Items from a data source
[Start of section]

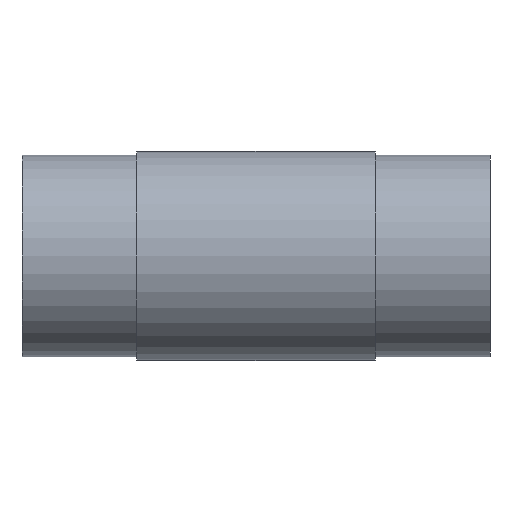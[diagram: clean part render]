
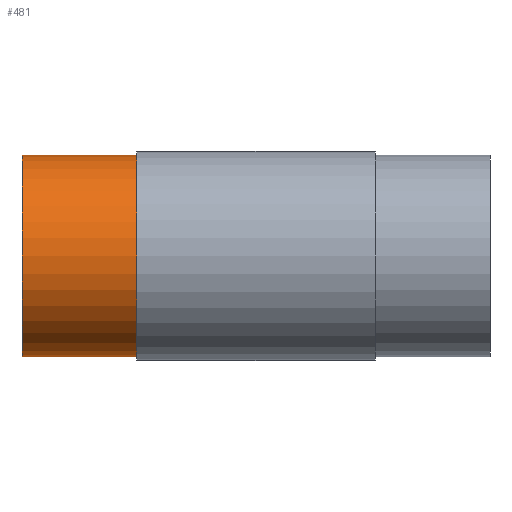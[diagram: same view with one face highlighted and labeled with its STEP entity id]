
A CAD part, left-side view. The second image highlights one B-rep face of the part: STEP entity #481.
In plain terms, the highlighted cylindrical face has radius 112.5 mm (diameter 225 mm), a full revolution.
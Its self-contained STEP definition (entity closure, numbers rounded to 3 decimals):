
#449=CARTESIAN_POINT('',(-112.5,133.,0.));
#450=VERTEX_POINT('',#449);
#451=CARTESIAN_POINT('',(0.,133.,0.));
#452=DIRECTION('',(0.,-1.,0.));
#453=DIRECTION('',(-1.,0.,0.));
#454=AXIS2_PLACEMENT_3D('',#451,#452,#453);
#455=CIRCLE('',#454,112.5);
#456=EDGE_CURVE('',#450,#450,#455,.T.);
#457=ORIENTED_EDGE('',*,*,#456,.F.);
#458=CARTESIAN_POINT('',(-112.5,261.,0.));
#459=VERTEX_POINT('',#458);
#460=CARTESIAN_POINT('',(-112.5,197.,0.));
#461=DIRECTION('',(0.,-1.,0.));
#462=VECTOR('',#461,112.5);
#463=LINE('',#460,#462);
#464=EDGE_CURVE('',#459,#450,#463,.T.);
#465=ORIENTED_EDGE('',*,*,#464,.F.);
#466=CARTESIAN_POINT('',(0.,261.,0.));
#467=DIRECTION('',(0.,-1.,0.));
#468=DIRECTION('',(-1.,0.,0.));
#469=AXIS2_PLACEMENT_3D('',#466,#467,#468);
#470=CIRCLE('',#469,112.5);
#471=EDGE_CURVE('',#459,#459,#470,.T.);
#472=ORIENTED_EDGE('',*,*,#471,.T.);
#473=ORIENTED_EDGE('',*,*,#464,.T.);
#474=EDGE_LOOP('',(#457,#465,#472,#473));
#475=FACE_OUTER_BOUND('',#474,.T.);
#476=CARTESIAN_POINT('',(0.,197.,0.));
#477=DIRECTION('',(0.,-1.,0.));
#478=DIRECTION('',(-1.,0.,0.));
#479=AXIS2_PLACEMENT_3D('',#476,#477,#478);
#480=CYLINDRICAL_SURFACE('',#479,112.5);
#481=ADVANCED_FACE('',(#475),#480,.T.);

[End of section]
[Start of section]

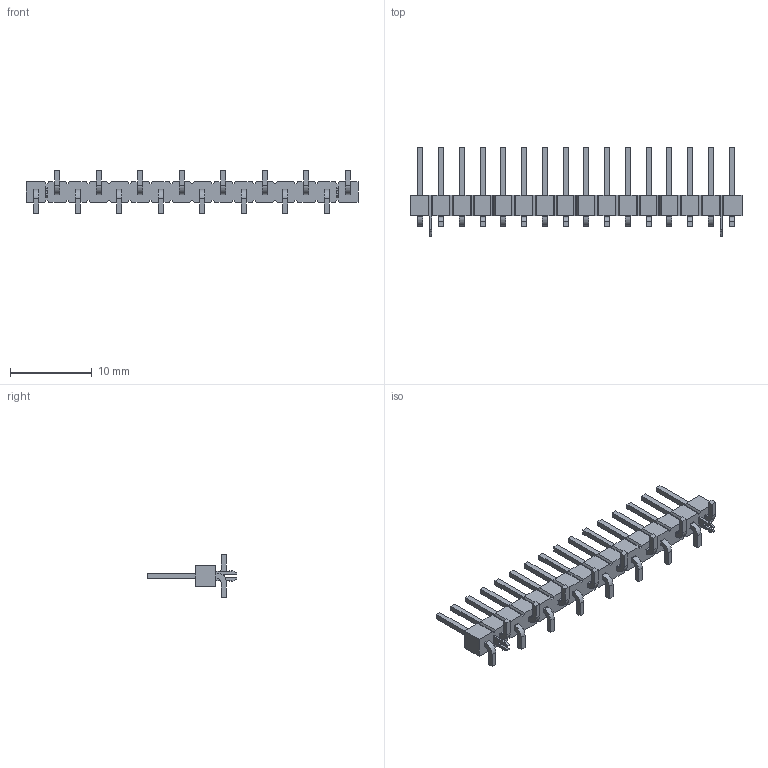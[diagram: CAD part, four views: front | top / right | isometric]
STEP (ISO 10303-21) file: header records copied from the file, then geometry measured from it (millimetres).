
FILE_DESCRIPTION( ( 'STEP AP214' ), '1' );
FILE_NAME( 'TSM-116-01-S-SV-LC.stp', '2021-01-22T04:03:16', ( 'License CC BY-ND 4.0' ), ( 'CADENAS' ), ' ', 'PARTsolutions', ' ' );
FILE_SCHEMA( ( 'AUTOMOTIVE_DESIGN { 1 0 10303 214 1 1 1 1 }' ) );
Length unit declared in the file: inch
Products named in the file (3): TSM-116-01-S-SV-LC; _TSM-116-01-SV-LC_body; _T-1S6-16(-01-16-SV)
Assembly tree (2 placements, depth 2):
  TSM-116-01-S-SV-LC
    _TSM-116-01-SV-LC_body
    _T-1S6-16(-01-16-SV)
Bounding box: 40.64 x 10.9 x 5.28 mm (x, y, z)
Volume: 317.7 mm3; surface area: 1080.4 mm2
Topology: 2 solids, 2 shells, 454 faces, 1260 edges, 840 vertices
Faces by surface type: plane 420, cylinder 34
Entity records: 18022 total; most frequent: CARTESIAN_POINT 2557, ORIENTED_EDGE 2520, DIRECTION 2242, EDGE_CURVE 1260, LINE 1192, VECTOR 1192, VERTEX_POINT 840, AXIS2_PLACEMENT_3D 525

[End of section]
[Start of section]

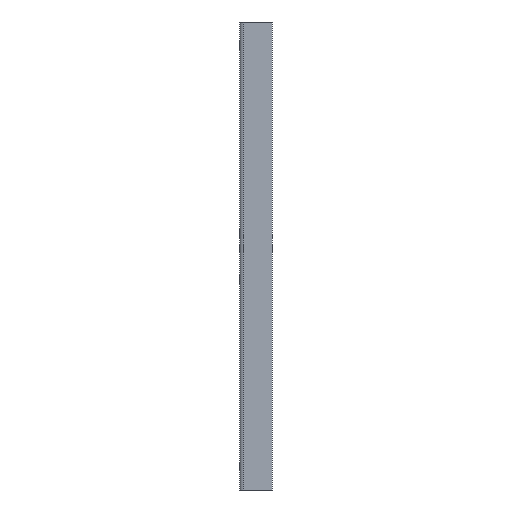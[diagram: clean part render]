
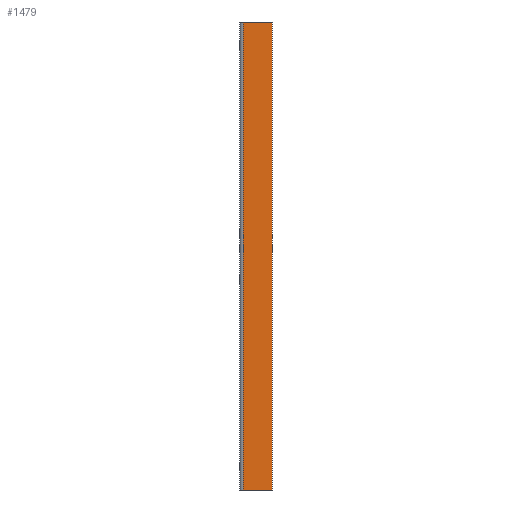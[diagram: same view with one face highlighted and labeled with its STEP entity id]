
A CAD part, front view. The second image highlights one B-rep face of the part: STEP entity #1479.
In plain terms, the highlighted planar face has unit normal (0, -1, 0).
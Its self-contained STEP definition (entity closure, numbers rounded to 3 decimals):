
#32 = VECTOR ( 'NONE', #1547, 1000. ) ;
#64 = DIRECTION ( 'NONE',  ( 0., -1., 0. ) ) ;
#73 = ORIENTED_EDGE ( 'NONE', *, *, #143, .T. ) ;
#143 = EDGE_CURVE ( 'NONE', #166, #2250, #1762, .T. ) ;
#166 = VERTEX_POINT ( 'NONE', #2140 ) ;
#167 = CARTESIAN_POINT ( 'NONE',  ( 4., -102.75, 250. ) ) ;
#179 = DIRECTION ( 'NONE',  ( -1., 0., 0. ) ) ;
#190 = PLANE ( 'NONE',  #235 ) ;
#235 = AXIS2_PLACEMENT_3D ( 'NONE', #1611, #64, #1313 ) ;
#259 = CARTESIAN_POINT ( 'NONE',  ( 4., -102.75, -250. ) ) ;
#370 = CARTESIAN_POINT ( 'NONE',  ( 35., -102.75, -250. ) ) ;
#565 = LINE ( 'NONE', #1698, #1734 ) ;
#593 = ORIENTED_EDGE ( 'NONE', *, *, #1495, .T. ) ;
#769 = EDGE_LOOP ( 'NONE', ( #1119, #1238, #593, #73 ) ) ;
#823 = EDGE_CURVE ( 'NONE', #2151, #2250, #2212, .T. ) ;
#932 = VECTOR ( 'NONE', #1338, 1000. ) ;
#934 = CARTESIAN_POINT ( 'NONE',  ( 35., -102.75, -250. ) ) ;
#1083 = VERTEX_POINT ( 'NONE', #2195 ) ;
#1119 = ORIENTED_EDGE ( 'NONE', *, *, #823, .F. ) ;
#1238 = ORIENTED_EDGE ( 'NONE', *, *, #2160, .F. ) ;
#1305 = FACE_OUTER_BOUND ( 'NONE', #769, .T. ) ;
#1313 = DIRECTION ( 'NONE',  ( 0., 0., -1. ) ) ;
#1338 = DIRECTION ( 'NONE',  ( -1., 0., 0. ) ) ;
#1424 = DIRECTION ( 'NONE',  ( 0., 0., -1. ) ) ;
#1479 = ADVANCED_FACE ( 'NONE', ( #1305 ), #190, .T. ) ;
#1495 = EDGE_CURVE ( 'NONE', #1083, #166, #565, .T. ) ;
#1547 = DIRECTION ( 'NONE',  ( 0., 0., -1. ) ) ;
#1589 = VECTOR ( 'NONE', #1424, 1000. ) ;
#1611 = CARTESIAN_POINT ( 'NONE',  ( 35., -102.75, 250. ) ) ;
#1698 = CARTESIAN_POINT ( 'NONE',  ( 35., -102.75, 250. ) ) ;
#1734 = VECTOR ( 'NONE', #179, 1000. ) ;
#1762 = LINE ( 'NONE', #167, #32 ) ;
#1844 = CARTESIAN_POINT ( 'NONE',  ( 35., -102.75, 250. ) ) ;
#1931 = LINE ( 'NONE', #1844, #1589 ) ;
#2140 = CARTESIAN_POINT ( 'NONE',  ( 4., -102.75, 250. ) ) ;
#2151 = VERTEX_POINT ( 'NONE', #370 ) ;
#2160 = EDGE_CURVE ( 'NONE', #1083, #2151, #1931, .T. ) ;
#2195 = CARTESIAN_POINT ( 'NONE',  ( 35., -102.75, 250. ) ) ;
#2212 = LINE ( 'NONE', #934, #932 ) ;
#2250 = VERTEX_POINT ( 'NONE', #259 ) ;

[End of section]

▸ **Requirement**:
Looking at the entries above, can you reproduce exactly the lines from the one that holds "#235 = AXIS2_PLACEMENT_3D" through the one that holds "#1844 = CARTESIAN_POINT", and only those?

▸ **Output**:
#235 = AXIS2_PLACEMENT_3D ( 'NONE', #1611, #64, #1313 ) ;
#259 = CARTESIAN_POINT ( 'NONE',  ( 4., -102.75, -250. ) ) ;
#370 = CARTESIAN_POINT ( 'NONE',  ( 35., -102.75, -250. ) ) ;
#565 = LINE ( 'NONE', #1698, #1734 ) ;
#593 = ORIENTED_EDGE ( 'NONE', *, *, #1495, .T. ) ;
#769 = EDGE_LOOP ( 'NONE', ( #1119, #1238, #593, #73 ) ) ;
#823 = EDGE_CURVE ( 'NONE', #2151, #2250, #2212, .T. ) ;
#932 = VECTOR ( 'NONE', #1338, 1000. ) ;
#934 = CARTESIAN_POINT ( 'NONE',  ( 35., -102.75, -250. ) ) ;
#1083 = VERTEX_POINT ( 'NONE', #2195 ) ;
#1119 = ORIENTED_EDGE ( 'NONE', *, *, #823, .F. ) ;
#1238 = ORIENTED_EDGE ( 'NONE', *, *, #2160, .F. ) ;
#1305 = FACE_OUTER_BOUND ( 'NONE', #769, .T. ) ;
#1313 = DIRECTION ( 'NONE',  ( 0., 0., -1. ) ) ;
#1338 = DIRECTION ( 'NONE',  ( -1., 0., 0. ) ) ;
#1424 = DIRECTION ( 'NONE',  ( 0., 0., -1. ) ) ;
#1479 = ADVANCED_FACE ( 'NONE', ( #1305 ), #190, .T. ) ;
#1495 = EDGE_CURVE ( 'NONE', #1083, #166, #565, .T. ) ;
#1547 = DIRECTION ( 'NONE',  ( 0., 0., -1. ) ) ;
#1589 = VECTOR ( 'NONE', #1424, 1000. ) ;
#1611 = CARTESIAN_POINT ( 'NONE',  ( 35., -102.75, 250. ) ) ;
#1698 = CARTESIAN_POINT ( 'NONE',  ( 35., -102.75, 250. ) ) ;
#1734 = VECTOR ( 'NONE', #179, 1000. ) ;
#1762 = LINE ( 'NONE', #167, #32 ) ;
#1844 = CARTESIAN_POINT ( 'NONE',  ( 35., -102.75, 250. ) ) ;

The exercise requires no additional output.